- Task item: Your answer should be the records below, repeated exactly as they stand.

Records from a data collection:
┄┄┄┄┄┄┄┄┄┄

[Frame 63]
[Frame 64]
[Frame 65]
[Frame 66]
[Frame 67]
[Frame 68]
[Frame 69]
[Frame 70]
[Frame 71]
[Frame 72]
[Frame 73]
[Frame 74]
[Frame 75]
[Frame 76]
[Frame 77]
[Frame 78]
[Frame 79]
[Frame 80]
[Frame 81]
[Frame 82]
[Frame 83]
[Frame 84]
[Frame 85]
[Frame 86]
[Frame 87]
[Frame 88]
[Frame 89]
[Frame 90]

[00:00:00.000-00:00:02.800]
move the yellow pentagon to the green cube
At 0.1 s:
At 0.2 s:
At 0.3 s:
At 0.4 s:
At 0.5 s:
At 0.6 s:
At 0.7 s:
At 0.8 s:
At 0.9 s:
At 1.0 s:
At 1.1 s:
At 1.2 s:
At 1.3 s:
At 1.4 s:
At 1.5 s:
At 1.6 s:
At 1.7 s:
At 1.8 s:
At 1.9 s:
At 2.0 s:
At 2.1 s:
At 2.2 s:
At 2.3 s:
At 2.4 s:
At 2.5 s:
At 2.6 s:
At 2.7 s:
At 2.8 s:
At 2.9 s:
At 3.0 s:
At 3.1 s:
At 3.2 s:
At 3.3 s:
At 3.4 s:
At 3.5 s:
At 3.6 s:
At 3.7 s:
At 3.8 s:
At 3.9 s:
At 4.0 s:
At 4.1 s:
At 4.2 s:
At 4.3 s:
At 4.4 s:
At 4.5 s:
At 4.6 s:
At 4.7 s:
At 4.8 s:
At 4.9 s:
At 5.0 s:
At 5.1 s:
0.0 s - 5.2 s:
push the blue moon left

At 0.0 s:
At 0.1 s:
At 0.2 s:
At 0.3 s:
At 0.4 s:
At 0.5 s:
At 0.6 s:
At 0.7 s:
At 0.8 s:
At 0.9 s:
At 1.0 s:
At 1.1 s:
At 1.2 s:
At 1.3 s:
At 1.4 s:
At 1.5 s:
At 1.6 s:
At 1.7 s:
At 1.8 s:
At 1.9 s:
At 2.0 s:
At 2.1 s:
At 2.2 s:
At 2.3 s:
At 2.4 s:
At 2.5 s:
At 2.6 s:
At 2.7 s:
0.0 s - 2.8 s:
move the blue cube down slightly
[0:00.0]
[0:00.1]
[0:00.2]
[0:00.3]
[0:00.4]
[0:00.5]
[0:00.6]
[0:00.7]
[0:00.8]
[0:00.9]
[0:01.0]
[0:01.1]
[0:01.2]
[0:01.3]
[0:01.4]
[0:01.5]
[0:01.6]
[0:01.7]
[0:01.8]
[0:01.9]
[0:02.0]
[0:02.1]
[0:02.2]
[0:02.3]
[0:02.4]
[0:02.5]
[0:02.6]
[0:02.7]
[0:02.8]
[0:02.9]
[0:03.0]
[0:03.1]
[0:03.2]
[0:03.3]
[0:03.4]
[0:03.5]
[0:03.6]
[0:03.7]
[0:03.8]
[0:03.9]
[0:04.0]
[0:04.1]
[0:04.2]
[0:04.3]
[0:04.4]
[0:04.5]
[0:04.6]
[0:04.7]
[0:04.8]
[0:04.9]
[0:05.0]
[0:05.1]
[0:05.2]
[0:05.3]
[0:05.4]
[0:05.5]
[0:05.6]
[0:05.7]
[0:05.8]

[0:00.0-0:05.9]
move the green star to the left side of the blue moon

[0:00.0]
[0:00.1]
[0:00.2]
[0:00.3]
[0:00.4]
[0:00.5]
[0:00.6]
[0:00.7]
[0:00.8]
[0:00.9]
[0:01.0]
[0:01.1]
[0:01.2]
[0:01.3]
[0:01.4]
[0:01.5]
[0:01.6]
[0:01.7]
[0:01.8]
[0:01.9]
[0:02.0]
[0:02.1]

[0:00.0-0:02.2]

┄┄┄┄┄┄┄┄┄┄

- Task result:
[Frame 63]
[Frame 64]
[Frame 65]
[Frame 66]
[Frame 67]
[Frame 68]
[Frame 69]
[Frame 70]
[Frame 71]
[Frame 72]
[Frame 73]
[Frame 74]
[Frame 75]
[Frame 76]
[Frame 77]
[Frame 78]
[Frame 79]
[Frame 80]
[Frame 81]
[Frame 82]
[Frame 83]
[Frame 84]
[Frame 85]
[Frame 86]
[Frame 87]
[Frame 88]
[Frame 89]
[Frame 90]

[00:00:00.000-00:00:02.800]
move the yellow pentagon to the green cube
At 0.1 s:
At 0.2 s:
At 0.3 s:
At 0.4 s:
At 0.5 s:
At 0.6 s:
At 0.7 s:
At 0.8 s:
At 0.9 s:
At 1.0 s:
At 1.1 s:
At 1.2 s:
At 1.3 s:
At 1.4 s:
At 1.5 s:
At 1.6 s:
At 1.7 s:
At 1.8 s:
At 1.9 s:
At 2.0 s:
At 2.1 s:
At 2.2 s:
At 2.3 s:
At 2.4 s:
At 2.5 s:
At 2.6 s:
At 2.7 s:
At 2.8 s:
At 2.9 s:
At 3.0 s:
At 3.1 s:
At 3.2 s:
At 3.3 s:
At 3.4 s:
At 3.5 s:
At 3.6 s:
At 3.7 s:
At 3.8 s:
At 3.9 s:
At 4.0 s:
At 4.1 s:
At 4.2 s:
At 4.3 s:
At 4.4 s:
At 4.5 s:
At 4.6 s:
At 4.7 s:
At 4.8 s:
At 4.9 s:
At 5.0 s:
At 5.1 s:
0.0 s - 5.2 s:
push the blue moon left

At 0.0 s:
At 0.1 s:
At 0.2 s:
At 0.3 s:
At 0.4 s:
At 0.5 s:
At 0.6 s:
At 0.7 s:
At 0.8 s:
At 0.9 s:
At 1.0 s:
At 1.1 s:
At 1.2 s:
At 1.3 s:
At 1.4 s:
At 1.5 s:
At 1.6 s:
At 1.7 s:
At 1.8 s:
At 1.9 s:
At 2.0 s:
At 2.1 s:
At 2.2 s:
At 2.3 s:
At 2.4 s:
At 2.5 s:
At 2.6 s:
At 2.7 s:
0.0 s - 2.8 s:
move the blue cube down slightly
[0:00.0]
[0:00.1]
[0:00.2]
[0:00.3]
[0:00.4]
[0:00.5]
[0:00.6]
[0:00.7]
[0:00.8]
[0:00.9]
[0:01.0]
[0:01.1]
[0:01.2]
[0:01.3]
[0:01.4]
[0:01.5]
[0:01.6]
[0:01.7]
[0:01.8]
[0:01.9]
[0:02.0]
[0:02.1]
[0:02.2]
[0:02.3]
[0:02.4]
[0:02.5]
[0:02.6]
[0:02.7]
[0:02.8]
[0:02.9]
[0:03.0]
[0:03.1]
[0:03.2]
[0:03.3]
[0:03.4]
[0:03.5]
[0:03.6]
[0:03.7]
[0:03.8]
[0:03.9]
[0:04.0]
[0:04.1]
[0:04.2]
[0:04.3]
[0:04.4]
[0:04.5]
[0:04.6]
[0:04.7]
[0:04.8]
[0:04.9]
[0:05.0]
[0:05.1]
[0:05.2]
[0:05.3]
[0:05.4]
[0:05.5]
[0:05.6]
[0:05.7]
[0:05.8]

[0:00.0-0:05.9]
move the green star to the left side of the blue moon

[0:00.0]
[0:00.1]
[0:00.2]
[0:00.3]
[0:00.4]
[0:00.5]
[0:00.6]
[0:00.7]
[0:00.8]
[0:00.9]
[0:01.0]
[0:01.1]
[0:01.2]
[0:01.3]
[0:01.4]
[0:01.5]
[0:01.6]
[0:01.7]
[0:01.8]
[0:01.9]
[0:02.0]
[0:02.1]

[0:00.0-0:02.2]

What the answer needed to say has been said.